Меня мутит от ее топорной игры, от лицемерия, приправленного тонной ванили, но это признание льстит и тешит мое самолюбие. Пузатый лощеный Серега не скрывал, что между ними что-то было и бесил до зубовного скрежета — потому что все три года я ее ревновал и не желал ему проигрывать. А Энджи то демонстративно отшвыривала меня, то кормила с руки...

— Я прощаю тебя, малыш. Та шалава не идет ни в какое сравнение со мной. Ведь так? — Энджи требовательно повышает голос и вонзает ногти в мою шею: — Ведь так?!

Я молчу.

Я почти мгновенно забываю детали секса с Энджи, но приоткрытые губы Эрики, ее теплую бархатную кожу, шепот и тихие стоны спустя двое суток помню так явственно, что бросает в жар.

— Отвечай, выродок! — в тоне Энджи слышатся нотки истерики, но я сжимаю ее запястье и высвобождаюсь из цепкого захвата:

— Нет, не так, Энджи. С ней круто, но подробностей не будет. Пожалуйста, отвали!

По ее щеке катится прозрачная капля, драма вот-вот достигнет кульминации, но в кармане моих штанов оживает айфон — словно почуяв, что меня пора спасать, звонит Князь.

— Извини... — я машинально стираю костяшками ее слезу и под благовидным предлогом прячусь в своей комнате. — Здорово, дед. Как ты? Умираешь с похмелья?

— Владик, отчего-то неспокойно. Гложет и гложет... Куда ты запропастился? Неужто вернулся к ведьме? — вместо приветствия причитает тот. — А как же милое дитя?..

Доброта, готовность к самопожертвованию, неспособность унизить женщину — качества, доставшиеся мне от деда. Я страстно мечтаю раз и навсегда изничтожить их в себе и нарочно грублю:

— Я сильно ее обидел. Но бороться не буду, дед. Не нуди.

Князь охает, где-то на фоне скрипит петлями дверца шкафчика, шуршит пакет с лекарствами, журчит вода.

— Как же ты мог? Как ты мог? — он уговаривает меня одуматься, взывает к состраданию, но я лишь сильнее завожусь:

— Ты предлагаешь привести ее к Энджи? Или сам расскажешь ей о нас, как собирался? А что дальше? Будем жить втроем? — доводя деда до ручки, я пробиваю очередное дно. Утопаю в грязи. Становлюсь похожим на Энджи. Но у мудрого Князя тоже не находится подходящих вариантов, и я удовлетворенно подытоживаю: — То-то же, дед. Дай мне время со всем разгрестись и не лезь.

— Уволь, Влад. Я не скажу тебе больше ни слова.

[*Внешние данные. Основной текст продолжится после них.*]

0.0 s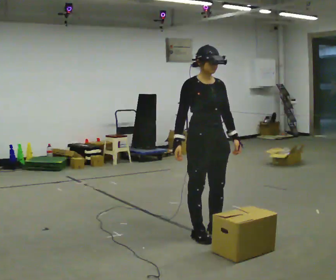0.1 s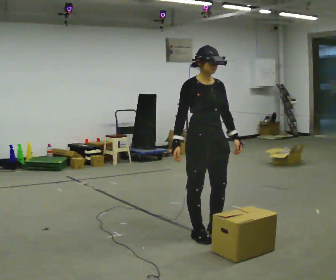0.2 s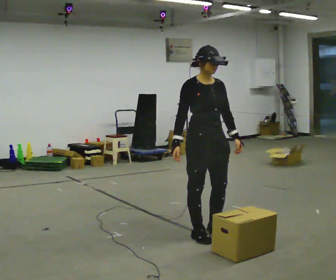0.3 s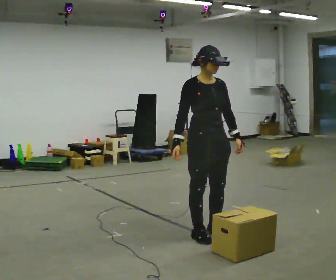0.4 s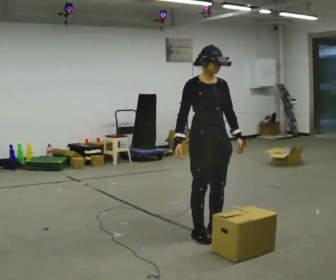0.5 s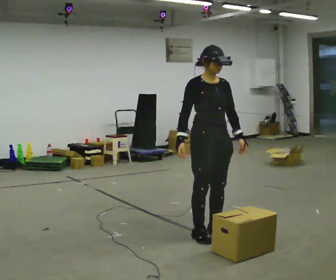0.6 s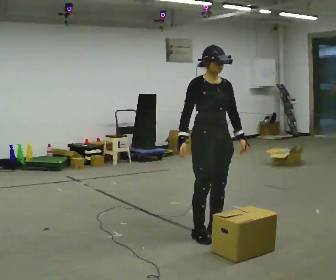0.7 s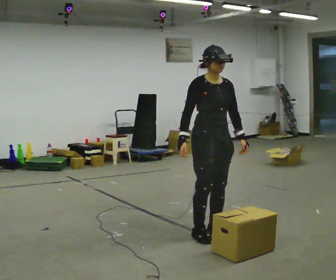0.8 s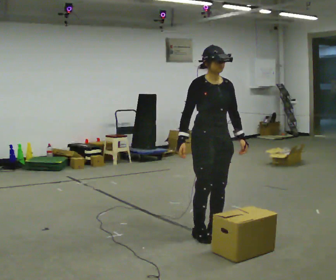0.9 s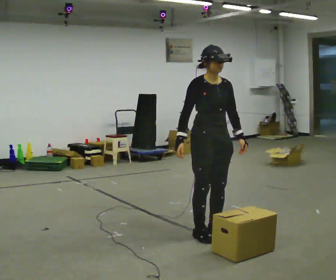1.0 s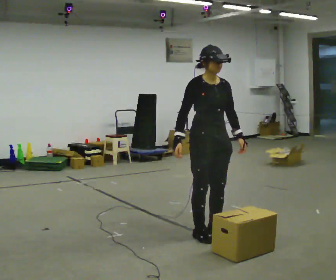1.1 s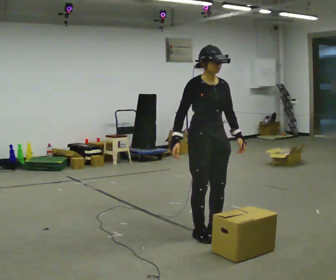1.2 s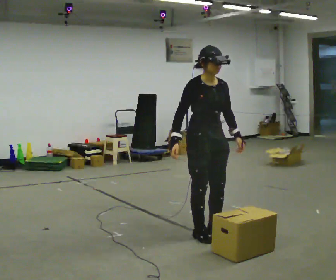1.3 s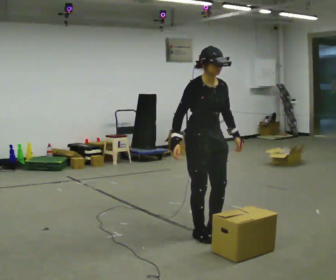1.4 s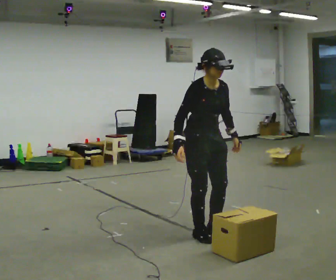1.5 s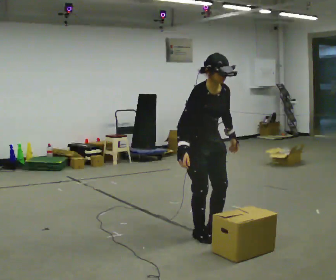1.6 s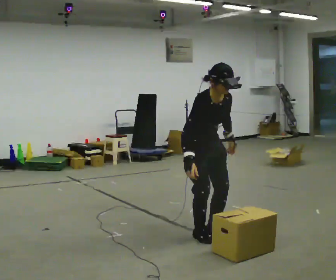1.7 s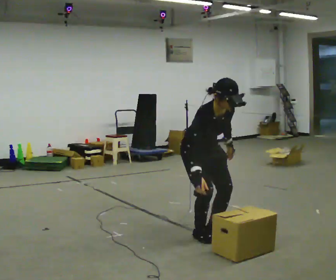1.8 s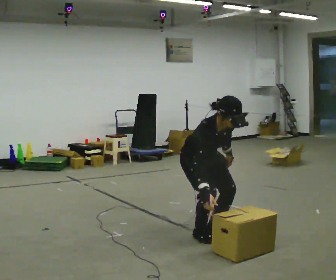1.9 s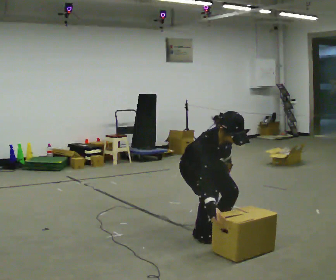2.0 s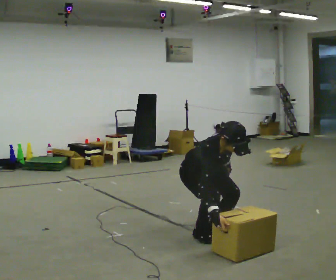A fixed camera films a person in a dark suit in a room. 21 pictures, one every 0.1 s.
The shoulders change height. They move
downward.
The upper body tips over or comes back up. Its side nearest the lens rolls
downward.
0.0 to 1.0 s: The person moves a little, or ends about where they began.
1.0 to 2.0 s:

Пока не вернешь Эрику, ты мне не внук, — неожиданно веско перебивает дед и прерывает разговор. Матерюсь, швыряю айфон на прикроватную тумбочку и задыхаюсь от негодования. От меня отказался даже Князь — мое альтер-эго, моя светлая сторона...

— Пошел, ты! Старый придурок... — с трудом проглатываю ком, выросший в глотке — только бы не расплакаться, но за шторкой из органзы разражается безудержный осенний ливень.

— Молодец, малыш... — Энджи бесшумно подкрадывается со спины, разворачивает меня к себе и опускает тонкий пальчик на мои губы. — Только я знаю, что тебе по-настоящему нужно. Только со мной тебе хорошо...

Она с утроенной силой меня обрабатывает — поднимается на цыпочки и засасывает с языком, нежно поглаживает, стаскивает футболку, увлекает на кровать. Я отчаянно ее не хочу, но тело не может не реагировать на настойчивые ласки. Очень скоро я обнаруживаю себя в зазеркалье, в поту, в вывернутой наизнанку реальности привычного мучительного кошмара. Энджи хрипит, царапает спину и просит ускориться, и тогда я представляю Эрику. Так ясно, что не надо закрывать глаза...

Я не достоин ее. Я грязнее, ниже, гаже...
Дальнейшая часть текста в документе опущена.